For savers: Take a realistic look at your retirement numbers now
Break your retirement into phases for better planning
Understanding how much savings you'll realistically need for the retirement you want is critical. A recent CIBC poll found that only 36% of non-retirees plan to have a traditional retirement where they stop work altogether right away. There are alternatives, such as phased retirement with reduced work hours, starting new part-time work, or taking on consulting or freelance roles. Additionally, not all years of retirement will require the same spending: your active early years might include more expenses for travel and hobbies, while your middle years may see a reduction in discretionary costs as everyday living stabilizes. In the later years, healthcare expenses could rise significantly.
Work with your advisor to create a detailed breakdown of your retirement phases, considering both income sources and spending needs. Discuss options like phased retirement or part-time work to supplement your savings. For example, ask, “How can I structure my portfolio to support phased retirement or supplement my income while preserving funds for future healthcare costs?”
Balance paying down debt with investing
Jamie Golombek highlights the importance of prioritizing retirement savings alongside paying down a mortgage in his report Mortgages or Margaritas (PDF, 465 kb) Opens a new window.. For many Canadians, their home is a significant part of their retirement plan, but balancing mortgage payments with investing is crucial. While paying off a mortgage is an important goal, doing so at the expense of not investing can leave you with a fully paid home but insufficient funds for other retirement plans, such as travel or healthcare.

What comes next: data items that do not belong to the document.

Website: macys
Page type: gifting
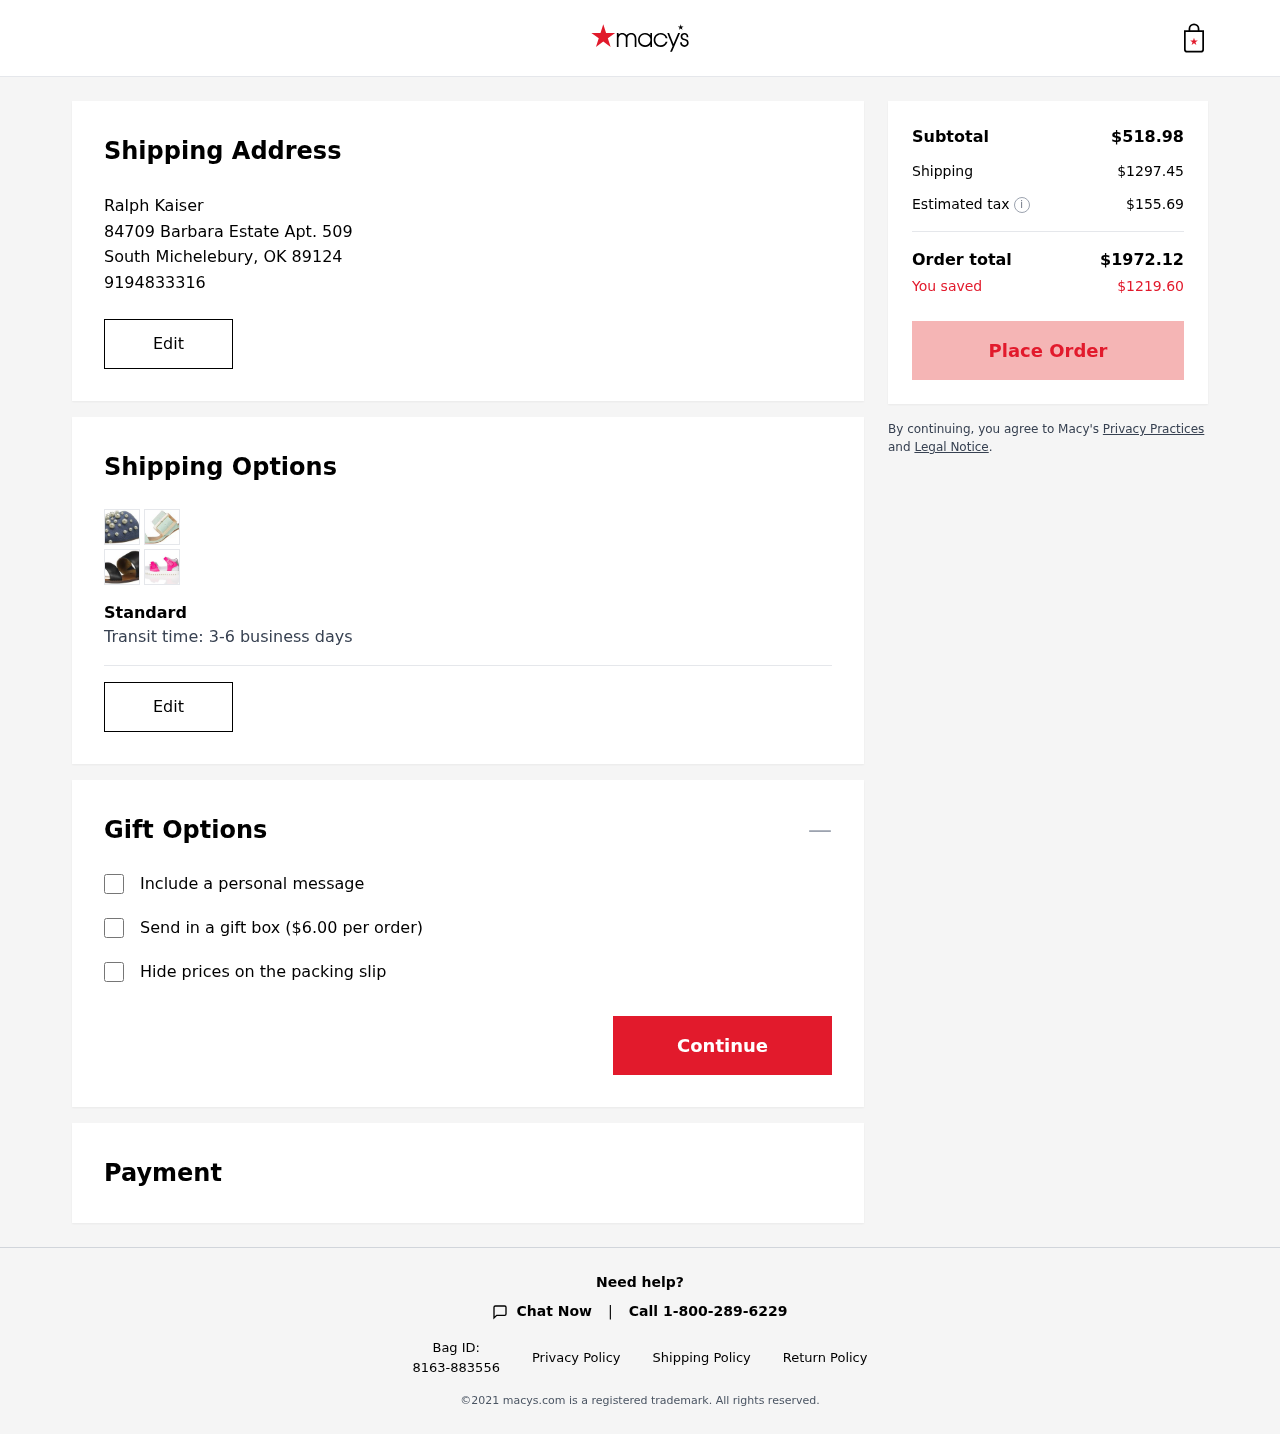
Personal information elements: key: PII_CITY
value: South Michelebury
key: PII_FULLNAME
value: Ralph Kaiser
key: PII_PHONE
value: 9194833316
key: PII_POSTCODE
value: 89124
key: PII_STATE_ABBR
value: OK
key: PII_STREET
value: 84709 Barbara Estate Apt. 509
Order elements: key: ORDER_SUBTOTAL
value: $518.98
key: ORDER_SHIPPING_COST
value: $1297.45
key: ORDER_TAX
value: $155.69
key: ORDER_TOTAL
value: $1972.12
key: ORDER_SAVINGS
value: $1219.60
Other elements: key: GIFT_BOX_PRICE
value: $6.00

Discuss with your advisor how to balance paying down a mortgage and investing for retirement. Ask, “What’s the optimal way to allocate my resources so I can pay my mortgage without neglecting my retirement savings?”
Account for inflation in retirement
One of the biggest risks to retirement savings is inflation. Over time, the rising cost of goods and services can erode the purchasing power of your savings, making it harder to maintain your desired lifestyle. To address this, include investments in your portfolio that are likely to grow faster than inflation, such as equities or real assets. Additionally, plan for inflation when calculating your income needs in retirement. A fixed income that seems sufficient today might not be enough in 10 or 20 years.

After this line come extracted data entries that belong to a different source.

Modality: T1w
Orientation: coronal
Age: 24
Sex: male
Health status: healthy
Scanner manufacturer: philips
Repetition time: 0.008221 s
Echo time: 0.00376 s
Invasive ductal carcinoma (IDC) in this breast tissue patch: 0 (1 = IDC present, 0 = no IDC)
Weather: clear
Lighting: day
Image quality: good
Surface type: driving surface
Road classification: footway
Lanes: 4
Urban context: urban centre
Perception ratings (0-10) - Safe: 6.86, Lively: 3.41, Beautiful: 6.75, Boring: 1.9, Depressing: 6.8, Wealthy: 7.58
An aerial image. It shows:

When working with your advisor, ask, “How can I adjust my portfolio to include assets that provide protection against inflation? What steps can I take to ensure my income grows alongside rising costs?
For retirees: Keep fine-tuning and stay open to change
Reassess and optimize your retirement plan
Even if you’re already retired, it’s never too late to adjust your financial plan. A sustainable withdrawal rate can help ensure your savings last throughout retirement. Start by reviewing your budget, expected expenses, and sources of income, and adjust your withdrawal strategy to align with current market conditions and your financial goals. For example, reduce withdrawals during periods of market volatility to preserve your portfolio’s value, and explore using fixed-income investments to cover essential expenses while allowing growth-oriented investments to recover.
Rethink what counts as a “safe” investment strategy
While traditionally safe investments like GICs provide security, they may not offer enough growth to keep pace with inflation, particularly in a low-interest-rate environment. Retirees can consider incorporating a mix of income-generating and growth-oriented investments, such as dividend-paying stocks or balanced funds. These options can help maintain your portfolio’s purchasing power and ensure long-term stability.
Schedule an annual review of your financial plan with an advisor to discuss questions like “How can I adjust my withdrawal strategy to extend the life of my savings?” and “What investment options can provide both growth and stability?”
Time your government programs and benefits wisely
Government programs such as the Canada Pension Plan (CPP), Quebec Pension Plan (QPP) and Old Age Security (OAS) are an important element of many Canadians’ retirement income. By delaying the start of these benefits, you can substantially increase your monthly payouts, providing additional financial security later in life. Flexible savings tools like TFSAs can complement decisions about CPP, QPP and OAS by providing an adaptable source of income. For instance, TFSAs can help bridge income gaps while you delay CPP or QPP to maximize benefits or cover unexpected expenses without impacting taxable income.
Work with your advisor to explore strategies for coordinating these elements. For example, ask, “How can delaying CPP, QPP or OAS improve my overall retirement income, and how can I use my TFSA to support this decision?”
As Canadians enjoy longer retirements, this stage of life requires proactive planning and strategies to make your savings go the distance. Whether you’re saving for the future or managing withdrawals today, a comprehensive and forward-thinking plan and expert advice can help ensure a secure and fulfilling retirement.